WORK REQUIRED: Reproduce every line of the material, exactly as given.

MATERIAL SHOWN:
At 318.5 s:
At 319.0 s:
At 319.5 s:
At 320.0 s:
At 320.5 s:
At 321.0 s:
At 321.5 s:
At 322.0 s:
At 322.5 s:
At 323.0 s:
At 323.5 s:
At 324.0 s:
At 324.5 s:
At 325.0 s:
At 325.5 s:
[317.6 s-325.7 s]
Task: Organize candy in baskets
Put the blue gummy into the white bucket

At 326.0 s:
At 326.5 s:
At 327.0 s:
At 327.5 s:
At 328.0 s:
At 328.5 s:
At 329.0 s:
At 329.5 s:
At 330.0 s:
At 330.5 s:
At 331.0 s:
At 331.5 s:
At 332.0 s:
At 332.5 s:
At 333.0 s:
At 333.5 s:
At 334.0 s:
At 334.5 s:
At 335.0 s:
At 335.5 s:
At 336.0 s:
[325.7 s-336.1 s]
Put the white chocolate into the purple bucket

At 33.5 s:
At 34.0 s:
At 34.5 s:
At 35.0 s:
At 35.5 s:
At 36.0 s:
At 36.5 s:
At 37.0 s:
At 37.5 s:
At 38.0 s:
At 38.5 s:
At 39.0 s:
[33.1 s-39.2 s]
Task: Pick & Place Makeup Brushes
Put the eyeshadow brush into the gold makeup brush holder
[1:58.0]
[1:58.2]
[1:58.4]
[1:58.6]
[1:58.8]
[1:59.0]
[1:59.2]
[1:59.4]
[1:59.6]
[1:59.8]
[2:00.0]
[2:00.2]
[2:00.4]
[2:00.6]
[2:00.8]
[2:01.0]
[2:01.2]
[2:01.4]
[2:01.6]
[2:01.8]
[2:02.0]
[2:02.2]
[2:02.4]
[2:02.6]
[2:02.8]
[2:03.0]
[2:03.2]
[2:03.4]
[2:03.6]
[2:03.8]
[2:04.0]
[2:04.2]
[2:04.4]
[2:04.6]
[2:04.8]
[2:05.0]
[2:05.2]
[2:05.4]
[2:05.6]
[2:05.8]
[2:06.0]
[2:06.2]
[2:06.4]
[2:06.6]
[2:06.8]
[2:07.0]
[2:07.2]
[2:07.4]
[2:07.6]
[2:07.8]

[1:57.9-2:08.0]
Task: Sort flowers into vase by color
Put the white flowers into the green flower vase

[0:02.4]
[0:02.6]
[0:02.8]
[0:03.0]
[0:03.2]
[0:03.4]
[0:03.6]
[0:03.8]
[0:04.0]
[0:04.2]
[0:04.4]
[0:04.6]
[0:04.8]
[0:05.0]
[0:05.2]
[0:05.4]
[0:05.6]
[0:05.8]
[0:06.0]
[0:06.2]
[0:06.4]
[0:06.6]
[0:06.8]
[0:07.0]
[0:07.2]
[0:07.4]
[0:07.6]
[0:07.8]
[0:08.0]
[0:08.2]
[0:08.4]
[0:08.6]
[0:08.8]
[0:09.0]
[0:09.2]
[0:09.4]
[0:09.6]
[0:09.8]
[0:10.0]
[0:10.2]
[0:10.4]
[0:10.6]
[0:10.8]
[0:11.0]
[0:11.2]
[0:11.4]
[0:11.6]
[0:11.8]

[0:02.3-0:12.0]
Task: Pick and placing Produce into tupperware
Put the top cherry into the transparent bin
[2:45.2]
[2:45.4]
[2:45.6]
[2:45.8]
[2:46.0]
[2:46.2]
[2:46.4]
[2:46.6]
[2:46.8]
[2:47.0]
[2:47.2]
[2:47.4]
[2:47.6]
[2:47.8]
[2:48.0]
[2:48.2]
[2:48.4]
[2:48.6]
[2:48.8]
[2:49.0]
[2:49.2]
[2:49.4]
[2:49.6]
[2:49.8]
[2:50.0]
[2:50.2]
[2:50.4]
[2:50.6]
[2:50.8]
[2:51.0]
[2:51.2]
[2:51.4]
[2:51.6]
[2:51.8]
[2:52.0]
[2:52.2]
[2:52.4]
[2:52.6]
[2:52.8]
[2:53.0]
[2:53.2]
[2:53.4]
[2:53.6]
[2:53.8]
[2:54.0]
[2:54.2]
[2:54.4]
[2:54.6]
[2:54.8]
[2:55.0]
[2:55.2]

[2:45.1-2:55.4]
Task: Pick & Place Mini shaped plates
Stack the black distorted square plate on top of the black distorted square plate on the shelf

WRITTEN RESPONSE:
At 318.5 s:
At 319.0 s:
At 319.5 s:
At 320.0 s:
At 320.5 s:
At 321.0 s:
At 321.5 s:
At 322.0 s:
At 322.5 s:
At 323.0 s:
At 323.5 s:
At 324.0 s:
At 324.5 s:
At 325.0 s:
At 325.5 s:
[317.6 s-325.7 s]
Task: Organize candy in baskets
Put the blue gummy into the white bucket

At 326.0 s:
At 326.5 s:
At 327.0 s:
At 327.5 s:
At 328.0 s:
At 328.5 s:
At 329.0 s:
At 329.5 s:
At 330.0 s:
At 330.5 s:
At 331.0 s:
At 331.5 s:
At 332.0 s:
At 332.5 s:
At 333.0 s:
At 333.5 s:
At 334.0 s:
At 334.5 s:
At 335.0 s:
At 335.5 s:
At 336.0 s:
[325.7 s-336.1 s]
Put the white chocolate into the purple bucket

At 33.5 s:
At 34.0 s:
At 34.5 s:
At 35.0 s:
At 35.5 s:
At 36.0 s:
At 36.5 s:
At 37.0 s:
At 37.5 s:
At 38.0 s:
At 38.5 s:
At 39.0 s:
[33.1 s-39.2 s]
Task: Pick & Place Makeup Brushes
Put the eyeshadow brush into the gold makeup brush holder
[1:58.0]
[1:58.2]
[1:58.4]
[1:58.6]
[1:58.8]
[1:59.0]
[1:59.2]
[1:59.4]
[1:59.6]
[1:59.8]
[2:00.0]
[2:00.2]
[2:00.4]
[2:00.6]
[2:00.8]
[2:01.0]
[2:01.2]
[2:01.4]
[2:01.6]
[2:01.8]
[2:02.0]
[2:02.2]
[2:02.4]
[2:02.6]
[2:02.8]
[2:03.0]
[2:03.2]
[2:03.4]
[2:03.6]
[2:03.8]
[2:04.0]
[2:04.2]
[2:04.4]
[2:04.6]
[2:04.8]
[2:05.0]
[2:05.2]
[2:05.4]
[2:05.6]
[2:05.8]
[2:06.0]
[2:06.2]
[2:06.4]
[2:06.6]
[2:06.8]
[2:07.0]
[2:07.2]
[2:07.4]
[2:07.6]
[2:07.8]

[1:57.9-2:08.0]
Task: Sort flowers into vase by color
Put the white flowers into the green flower vase

[0:02.4]
[0:02.6]
[0:02.8]
[0:03.0]
[0:03.2]
[0:03.4]
[0:03.6]
[0:03.8]
[0:04.0]
[0:04.2]
[0:04.4]
[0:04.6]
[0:04.8]
[0:05.0]
[0:05.2]
[0:05.4]
[0:05.6]
[0:05.8]
[0:06.0]
[0:06.2]
[0:06.4]
[0:06.6]
[0:06.8]
[0:07.0]
[0:07.2]
[0:07.4]
[0:07.6]
[0:07.8]
[0:08.0]
[0:08.2]
[0:08.4]
[0:08.6]
[0:08.8]
[0:09.0]
[0:09.2]
[0:09.4]
[0:09.6]
[0:09.8]
[0:10.0]
[0:10.2]
[0:10.4]
[0:10.6]
[0:10.8]
[0:11.0]
[0:11.2]
[0:11.4]
[0:11.6]
[0:11.8]

[0:02.3-0:12.0]
Task: Pick and placing Produce into tupperware
Put the top cherry into the transparent bin
[2:45.2]
[2:45.4]
[2:45.6]
[2:45.8]
[2:46.0]
[2:46.2]
[2:46.4]
[2:46.6]
[2:46.8]
[2:47.0]
[2:47.2]
[2:47.4]
[2:47.6]
[2:47.8]
[2:48.0]
[2:48.2]
[2:48.4]
[2:48.6]
[2:48.8]
[2:49.0]
[2:49.2]
[2:49.4]
[2:49.6]
[2:49.8]
[2:50.0]
[2:50.2]
[2:50.4]
[2:50.6]
[2:50.8]
[2:51.0]
[2:51.2]
[2:51.4]
[2:51.6]
[2:51.8]
[2:52.0]
[2:52.2]
[2:52.4]
[2:52.6]
[2:52.8]
[2:53.0]
[2:53.2]
[2:53.4]
[2:53.6]
[2:53.8]
[2:54.0]
[2:54.2]
[2:54.4]
[2:54.6]
[2:54.8]
[2:55.0]
[2:55.2]

[2:45.1-2:55.4]
Task: Pick & Place Mini shaped plates
Stack the black distorted square plate on top of the black distorted square plate on the shelf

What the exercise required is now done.